На завалинке у Романа Сахарова вечерами стало теперь еще многолюднее. Мужики с затаенным вниманием слушали рассказы Орлика о том, где он побывал, что поделывал и чего видел. Иван Верста с любопытством спрашивал:
— Ну, а как, Орлик, довелось тебе увидеть, в чем ходит счастье, или нет?

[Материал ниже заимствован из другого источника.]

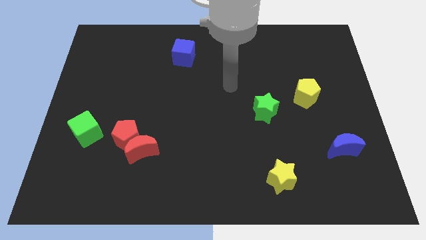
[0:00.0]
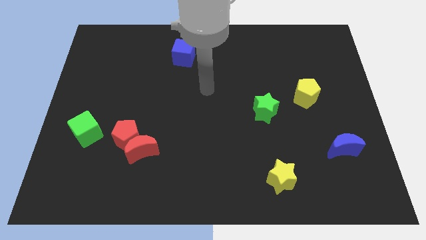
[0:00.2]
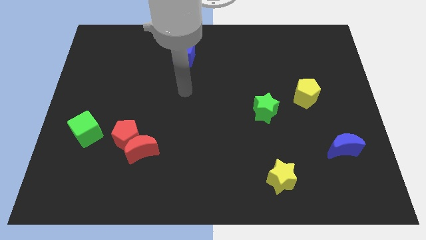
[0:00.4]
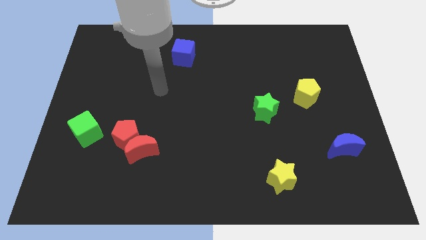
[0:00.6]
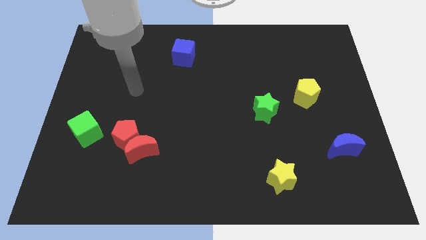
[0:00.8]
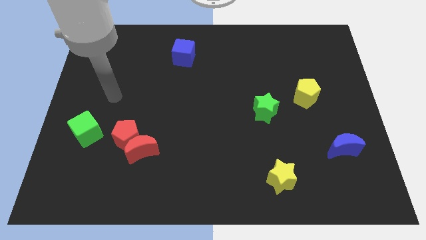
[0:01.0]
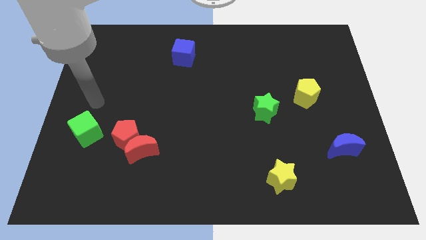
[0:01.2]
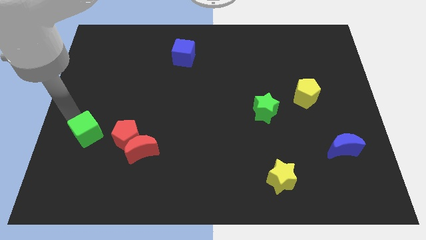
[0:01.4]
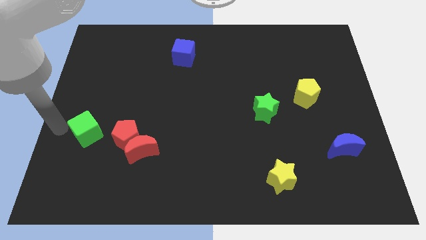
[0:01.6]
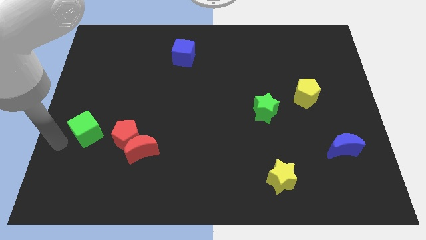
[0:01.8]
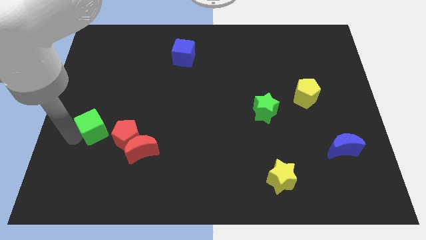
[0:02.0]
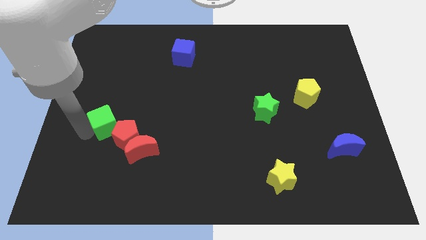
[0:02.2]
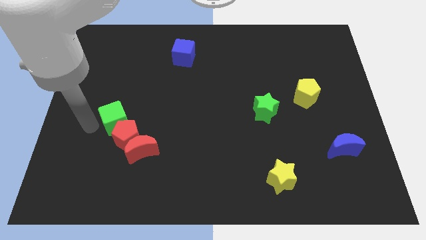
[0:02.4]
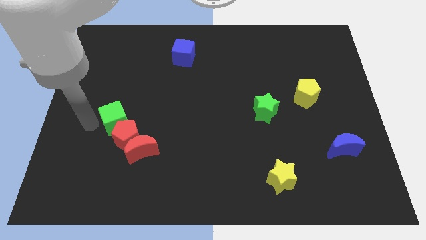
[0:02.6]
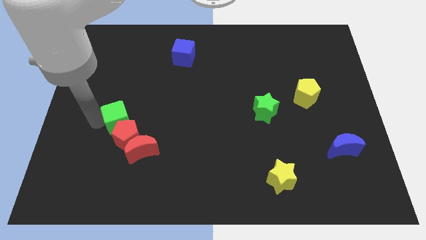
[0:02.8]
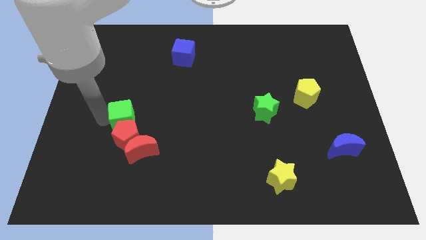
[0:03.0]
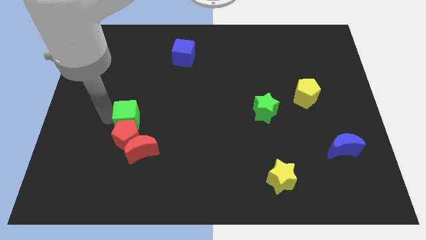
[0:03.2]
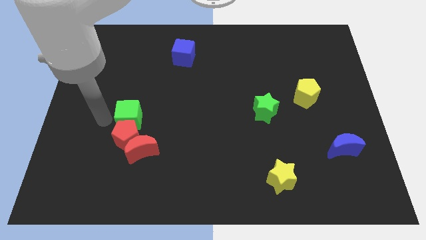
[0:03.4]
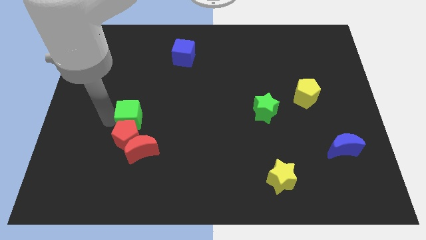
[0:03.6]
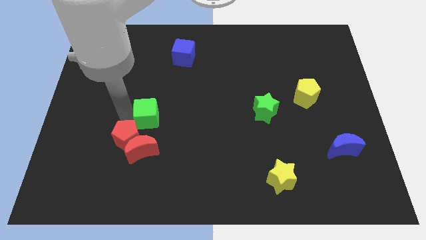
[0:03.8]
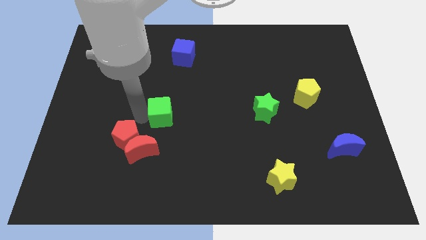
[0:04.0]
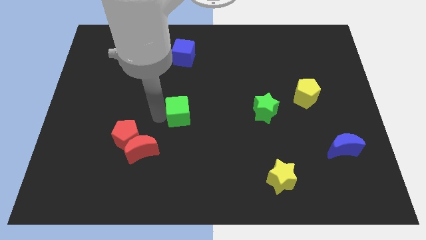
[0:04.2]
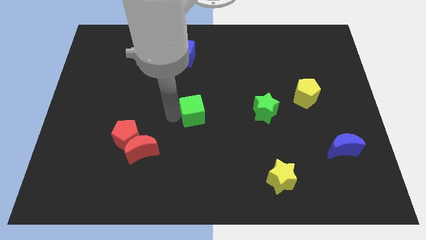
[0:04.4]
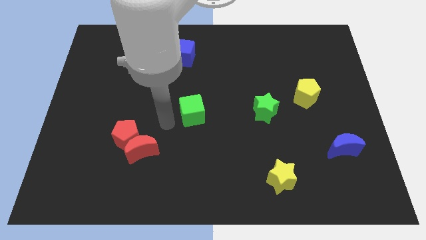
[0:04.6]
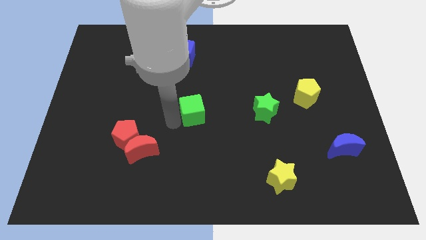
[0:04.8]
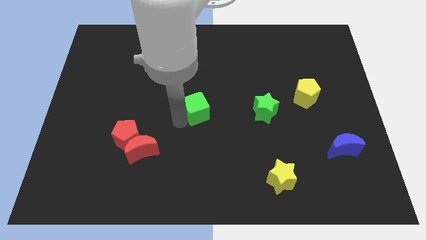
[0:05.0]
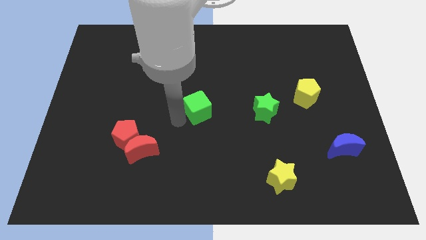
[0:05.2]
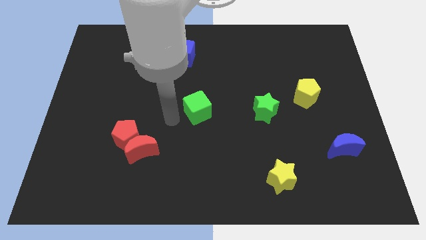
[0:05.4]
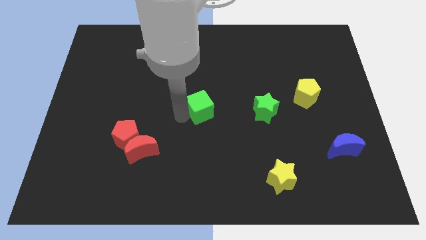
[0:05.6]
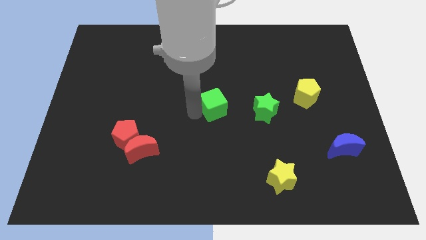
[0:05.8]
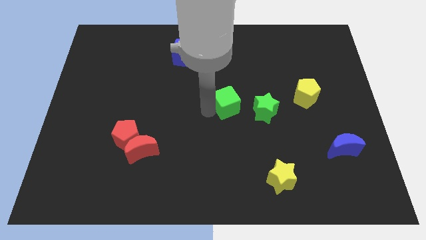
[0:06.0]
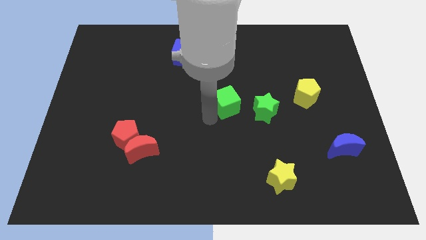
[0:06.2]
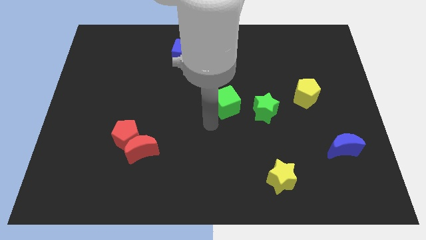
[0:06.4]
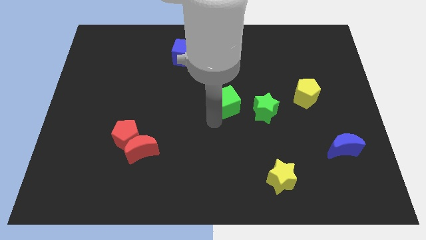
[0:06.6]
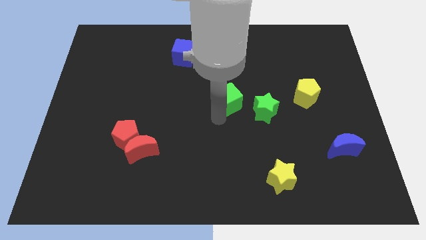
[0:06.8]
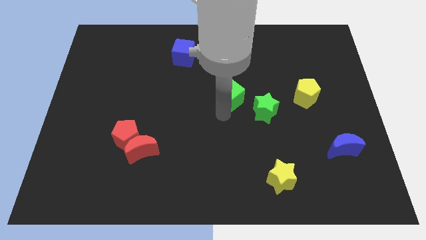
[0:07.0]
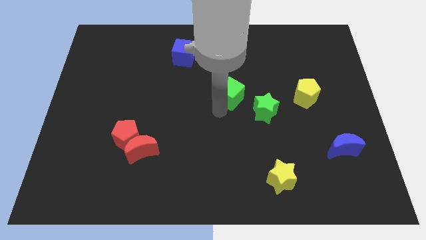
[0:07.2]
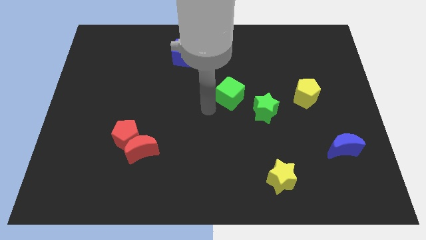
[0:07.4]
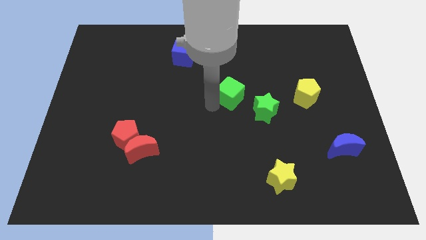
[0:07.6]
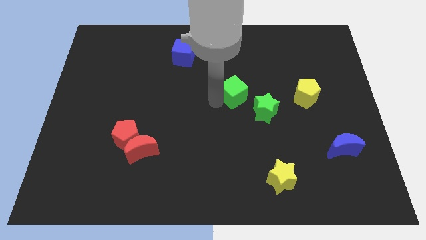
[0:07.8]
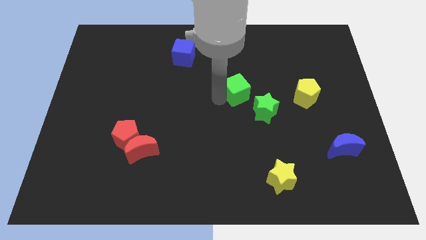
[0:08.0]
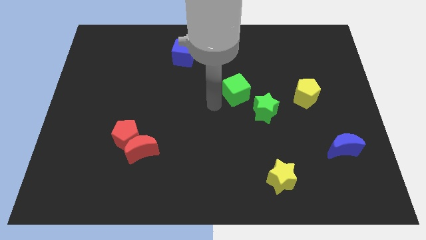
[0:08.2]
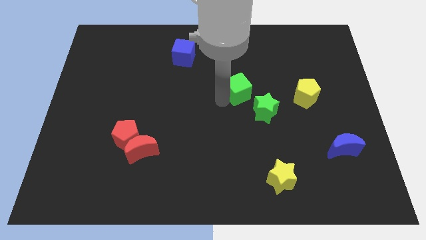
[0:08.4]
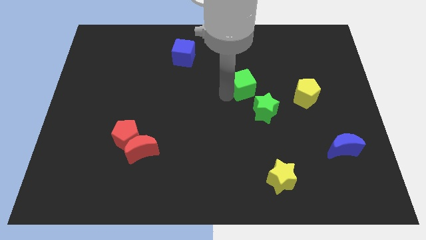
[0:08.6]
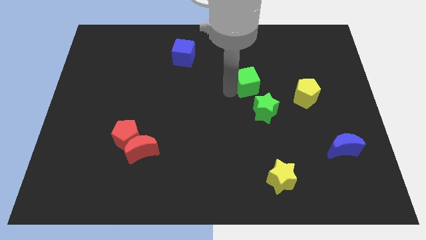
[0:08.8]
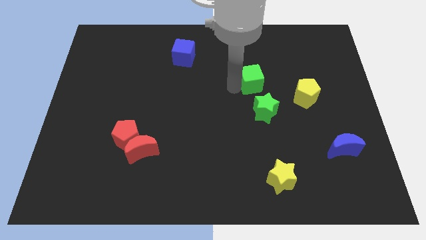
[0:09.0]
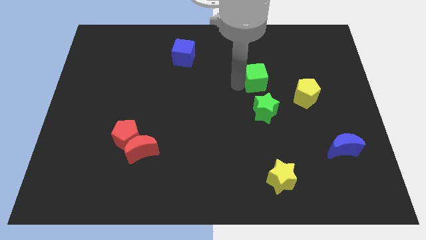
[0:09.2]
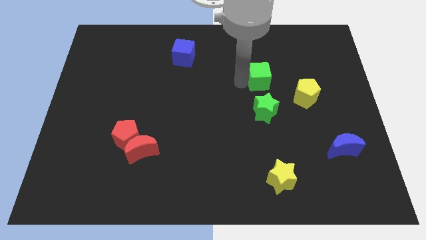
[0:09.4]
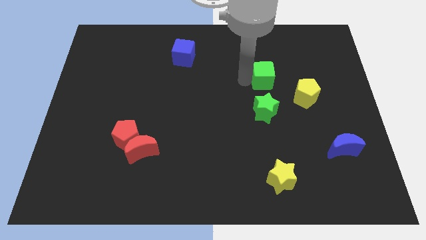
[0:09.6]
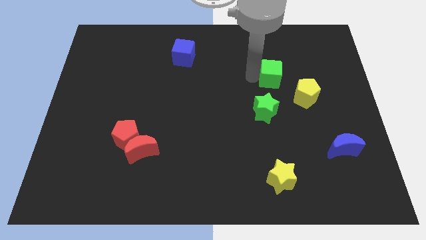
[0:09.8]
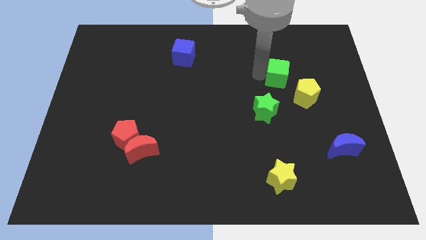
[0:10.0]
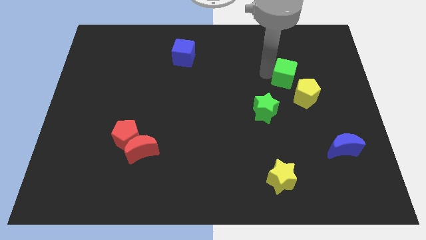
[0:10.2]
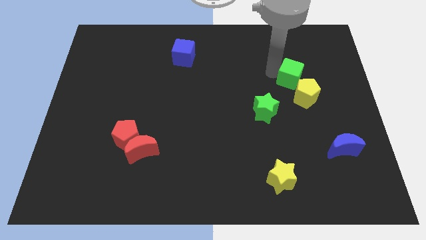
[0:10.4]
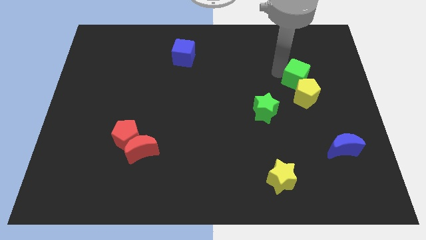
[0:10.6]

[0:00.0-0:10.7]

— Как же, довелось, — отвечал Орлик, улыбаясь. — Счастье, дядя Ваня, одевается богато, ест, пьет вдоволь, чего только душе угодно.
— Вон как! А пымать ты его не пробовал? — громко восклицал Иван и лез в карман за табакеркой.
— Пробовал, а то как же.
— Не обратал?
— Лягается, — шутил Орлик. — Одному трудно, а если взяться всем, то зануздать можно крепко…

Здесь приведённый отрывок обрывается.